We are now going to study another graph exploration algorithm called depth-first search (DFS). As we will see, DFS is extremely useful and we can solve a wide number of graph related problems with this algorithm.

In DFS we start from a source node and then recursively visit each of its neighbours. Because of this recursive behavior, after we select the first neighbour \(u\) of \(v\) to be explored, the other neighbours of \(v\) will only be considered after we have finished visiting the whole subgraph that is reachable from \(u\). This is the reason why this algorithm is called depth-first search. To better illustrate this, consider the following example.

graphs-dfs/dfs.gif

Coding this algorithm is very simple as shown in the following code:

static LinkedList<Integer>[] g;
static boolean[] visited;

static void dfs(int u) {
    visited[u] = true;
    for(int v : g[u]) if(!visited[v]) dfs(v);
}

If we execute the following code:

...
boolean[] visited = new boolean[g.length];
dfs(0);

Then visited will be set to \(true\) for every node that is reachable from node \(0\). In this way, DFS is a much more compact way of coding an algorithm to check for path existence.

So far this does not really gives us something new. There are several ways in which we can extend this algorithm in order to solve different problems.

Before we do so, it is often convenient to have a more informative state of each node during the search rather than a simple flag saying whether a node as been visited or not. We will start by replacing the visited array by an array of integers called state and define 3 possible states:

static final int UNV = 0, OPEN = 1, CLOSED = 2;

These 3 states have the following semantics:

  • \(state[u] = \textit{UNV}\) : node \(u\) has not been visited before. This corresponds to \(visited[u] = false\) from before.
  • \(state[u] = \textit{OPEN}\) : node \(u\) has been visited but not all of its outgoing edges have been visited.
  • \(state[u] = \textit{CLOSED}\) : means that all the edges going out of \(u\) have been visited.

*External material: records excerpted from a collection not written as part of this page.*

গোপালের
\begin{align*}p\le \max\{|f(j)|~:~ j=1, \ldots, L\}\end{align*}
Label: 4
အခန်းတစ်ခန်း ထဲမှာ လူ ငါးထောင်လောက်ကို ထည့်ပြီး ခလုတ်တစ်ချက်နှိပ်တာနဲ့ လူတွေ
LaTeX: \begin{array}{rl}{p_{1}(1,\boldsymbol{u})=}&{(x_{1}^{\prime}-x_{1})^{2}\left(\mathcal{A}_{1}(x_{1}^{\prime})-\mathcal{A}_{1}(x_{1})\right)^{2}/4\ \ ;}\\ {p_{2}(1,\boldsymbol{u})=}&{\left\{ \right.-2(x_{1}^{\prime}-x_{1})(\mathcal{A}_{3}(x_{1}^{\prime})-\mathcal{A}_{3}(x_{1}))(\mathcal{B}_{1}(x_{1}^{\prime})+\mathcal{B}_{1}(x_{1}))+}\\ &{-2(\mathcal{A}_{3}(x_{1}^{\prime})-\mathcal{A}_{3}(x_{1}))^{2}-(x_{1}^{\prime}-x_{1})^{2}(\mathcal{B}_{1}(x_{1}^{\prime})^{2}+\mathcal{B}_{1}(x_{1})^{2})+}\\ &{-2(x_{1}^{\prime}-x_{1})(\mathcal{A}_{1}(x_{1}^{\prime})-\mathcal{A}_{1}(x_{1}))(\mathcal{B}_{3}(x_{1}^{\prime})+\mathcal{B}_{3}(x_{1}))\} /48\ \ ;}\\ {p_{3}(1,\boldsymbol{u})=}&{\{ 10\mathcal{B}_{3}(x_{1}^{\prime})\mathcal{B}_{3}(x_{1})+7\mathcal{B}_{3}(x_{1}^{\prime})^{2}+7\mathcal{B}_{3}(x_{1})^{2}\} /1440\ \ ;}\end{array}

To extend the previous code to use the array state respecting these semantics is quite simple. Every node should start with the state \(\textit{UNV}\). Then the first line should set the state to \(\textit{OPEN}\) since at this point the node is visited but we did not yet visit any of its outgoing edges. Finally, after the for loop finished we should set the state to \(\textit{CLOSED}\). We will also add an array \(parent\) to keep for each node, who visited it as we did in the BFS algorithm.

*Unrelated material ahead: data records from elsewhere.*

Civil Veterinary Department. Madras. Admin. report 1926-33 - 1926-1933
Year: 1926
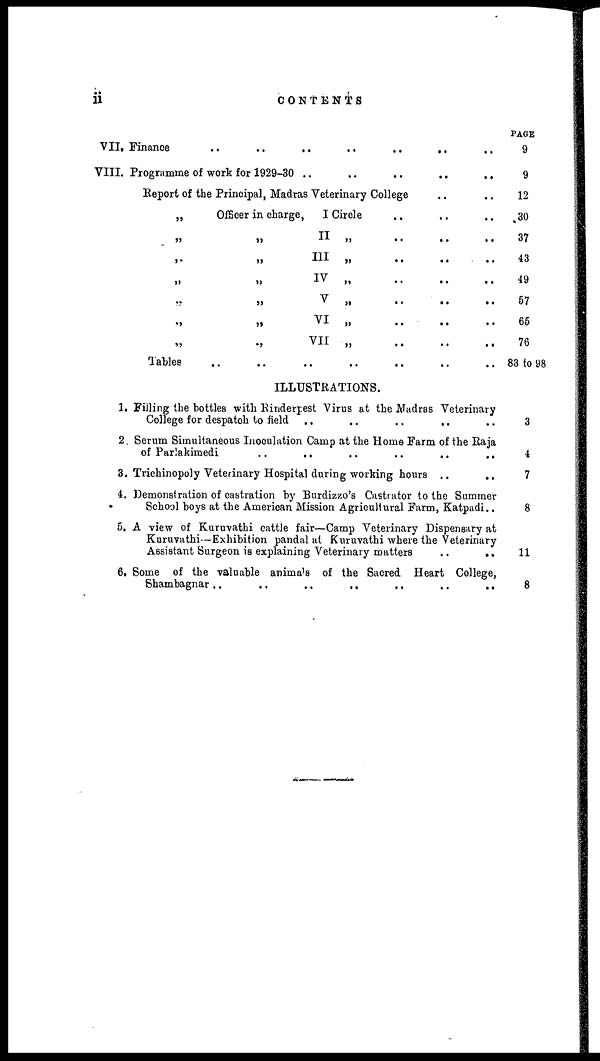
ii
CONTENTS
VII, Finance .. .. .. .. .. .. .. ..
VIII. Programme of work for 1929-30 .. .. .. .. .. ..
Report of the Principal, Madras Veterinary College .. ..
„
Officer in charge,
I Circle .. .. ..
„ „ II „ .. .. ..
„ „ III „ .. .. ..
„ „ IV„ .. .. ..
„
„
V
„
..
..
..
„ „ VI „ .. .. ..
„ „ VII „ .. .. ..
Tables .. .. .. .. .. .. .. ..
ILLUSTRATIONS.
1. Filling the bottles with Rinderpest Virus at the Madras Veterinary
College for despatch to field
..
..
..
..
2. Serum Simultaneous Inoculation Camp at the Home Farm of the Raja
of Parlakimedi
..
..
..
..
..
..
3. Trichinopoly Veterinary Hospital during working hours .. ..
4. Demonstration of castration by Burdizzo's Castrator to the Summer
School boys at the American Mission Agricultural Farm, Katpadi..
5. A view of Kuruvathi cattle fair—Camp Veterinary Dispensary at
Kuruvathi—Exhibition pandal at Kuruvathi where the Veterinary
Assistant Surgeon is explaining Veterinary matters
..
..
6, Some of the valuable animals of the Sacred Heart College,
Shambagnar ..
..
..
..
..
..
..
PAGE
9
9
12
30
37
43
49
57
65
76
83 to 98
3
4
7
8
11
8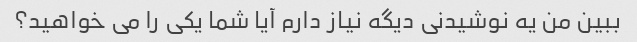
ببین من یه نوشیدنی دیگه نیاز دارم آیا شما یکی را می خواهید؟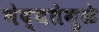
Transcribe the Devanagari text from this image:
भेद्यतेमुळे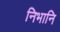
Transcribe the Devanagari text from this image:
निभानि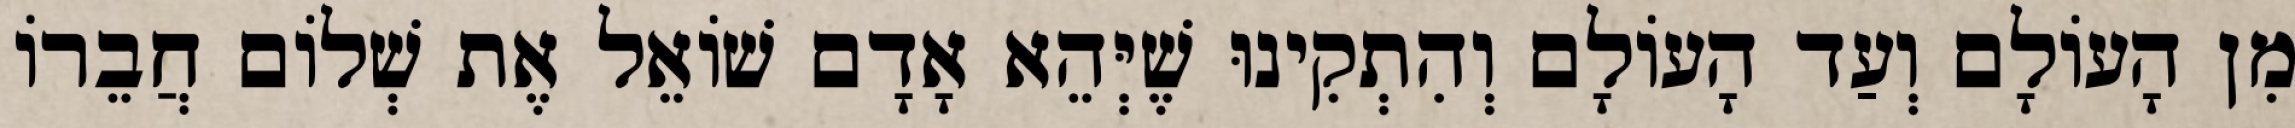
מִן הָעוֹלָם וְעַד הָעוֹלָם וְהִתְקִינוּ שֶׁיְּהֵא אָדָם שׁוֹאֵל אֶת שְׁלוֹם חֲבֵרוֹ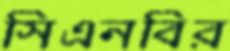
সিএনবির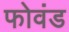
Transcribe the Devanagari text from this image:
फोवंड

static final int UNV = 0, OPEN = 1, CLOSED = 2;
static LinkedList<Integer>[] g;
static int[] state;
static Integer[] parent;

static void dfsVisit(int u) {
    state[u] = OPEN;
    for(int v : g[u]) {
        if(state[v] == UNV) {
            parent[v] = u;
            dfsVisit(v);
        }
    }
    state[u] = CLOSED;
}

Note: In Java when you create the \(state\) array every value is initialized to \(0 = UNV\). Therefore nothing needs to be done. In some other languages you need to make sure that you set the value of every node \(UNV\) before you start the search.

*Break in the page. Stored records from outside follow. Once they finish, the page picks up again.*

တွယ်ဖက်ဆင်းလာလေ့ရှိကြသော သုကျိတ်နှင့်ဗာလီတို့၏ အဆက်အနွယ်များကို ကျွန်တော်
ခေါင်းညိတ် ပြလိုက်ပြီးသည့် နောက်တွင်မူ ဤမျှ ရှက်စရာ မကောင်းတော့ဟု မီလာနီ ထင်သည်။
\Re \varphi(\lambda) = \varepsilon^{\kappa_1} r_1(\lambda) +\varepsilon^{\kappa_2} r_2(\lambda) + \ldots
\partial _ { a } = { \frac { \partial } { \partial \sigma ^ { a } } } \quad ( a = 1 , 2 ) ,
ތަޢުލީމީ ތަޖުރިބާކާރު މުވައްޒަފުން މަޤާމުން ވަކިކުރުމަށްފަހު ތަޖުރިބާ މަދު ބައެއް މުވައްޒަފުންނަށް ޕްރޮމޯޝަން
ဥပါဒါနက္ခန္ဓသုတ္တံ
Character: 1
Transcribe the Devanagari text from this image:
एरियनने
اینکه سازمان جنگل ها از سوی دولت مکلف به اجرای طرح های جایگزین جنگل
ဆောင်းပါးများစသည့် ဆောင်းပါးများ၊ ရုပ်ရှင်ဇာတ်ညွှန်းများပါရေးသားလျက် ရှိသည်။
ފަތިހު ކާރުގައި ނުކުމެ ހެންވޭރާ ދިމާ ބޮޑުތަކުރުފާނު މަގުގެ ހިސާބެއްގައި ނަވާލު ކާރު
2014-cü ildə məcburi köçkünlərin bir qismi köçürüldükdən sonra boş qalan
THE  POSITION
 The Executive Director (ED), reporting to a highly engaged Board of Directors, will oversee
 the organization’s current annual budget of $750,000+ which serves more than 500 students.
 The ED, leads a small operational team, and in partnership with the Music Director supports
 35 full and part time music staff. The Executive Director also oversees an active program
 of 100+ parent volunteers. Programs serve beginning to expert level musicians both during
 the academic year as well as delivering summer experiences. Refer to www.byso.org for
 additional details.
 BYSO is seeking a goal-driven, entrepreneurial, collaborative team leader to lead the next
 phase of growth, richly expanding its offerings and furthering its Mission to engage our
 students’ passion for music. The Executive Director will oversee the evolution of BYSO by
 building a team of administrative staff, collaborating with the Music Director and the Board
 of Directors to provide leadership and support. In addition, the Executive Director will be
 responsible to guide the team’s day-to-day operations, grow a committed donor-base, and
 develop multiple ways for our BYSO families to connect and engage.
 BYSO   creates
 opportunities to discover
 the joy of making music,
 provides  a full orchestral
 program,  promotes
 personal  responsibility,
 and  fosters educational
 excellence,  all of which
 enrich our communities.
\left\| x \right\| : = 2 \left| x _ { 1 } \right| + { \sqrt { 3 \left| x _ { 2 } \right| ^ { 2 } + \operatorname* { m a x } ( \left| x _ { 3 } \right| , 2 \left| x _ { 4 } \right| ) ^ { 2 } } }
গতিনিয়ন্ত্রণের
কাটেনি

The following animation illustrates an execution of \dfsVisit(0).

graphs-dfs/states.gif

As a first application of DFS we are going to see how we can use the states to simply check whether a directed graph contains a cycle.

Note that the parent array defines a tree that is a subgraph of the input graph. We call it the DFS tree. To detect a cycle we make the following observation:

  • During the execution of dfsVisit(u), if any node \(v\) is \(OPEN\) then there exists a path from \(v\) to \(u\) on the DFS tree. This is so because since \(v\) is still open and we are at node \(u\) then \(v\) must be an ancestor of \(u\) in the DFS tree.

Therefore if during the for loop at node \(u\) we find a neighbour \(v\) that is \(OPEN\) we must have a cycle in the graph since, as we just observed, this means that there is a path from \(v\) to \(u\) and this path together with the edge \((u, v)\) must form a cycle.

We classify the edges of the graph in 4 categories with respect to a DFS.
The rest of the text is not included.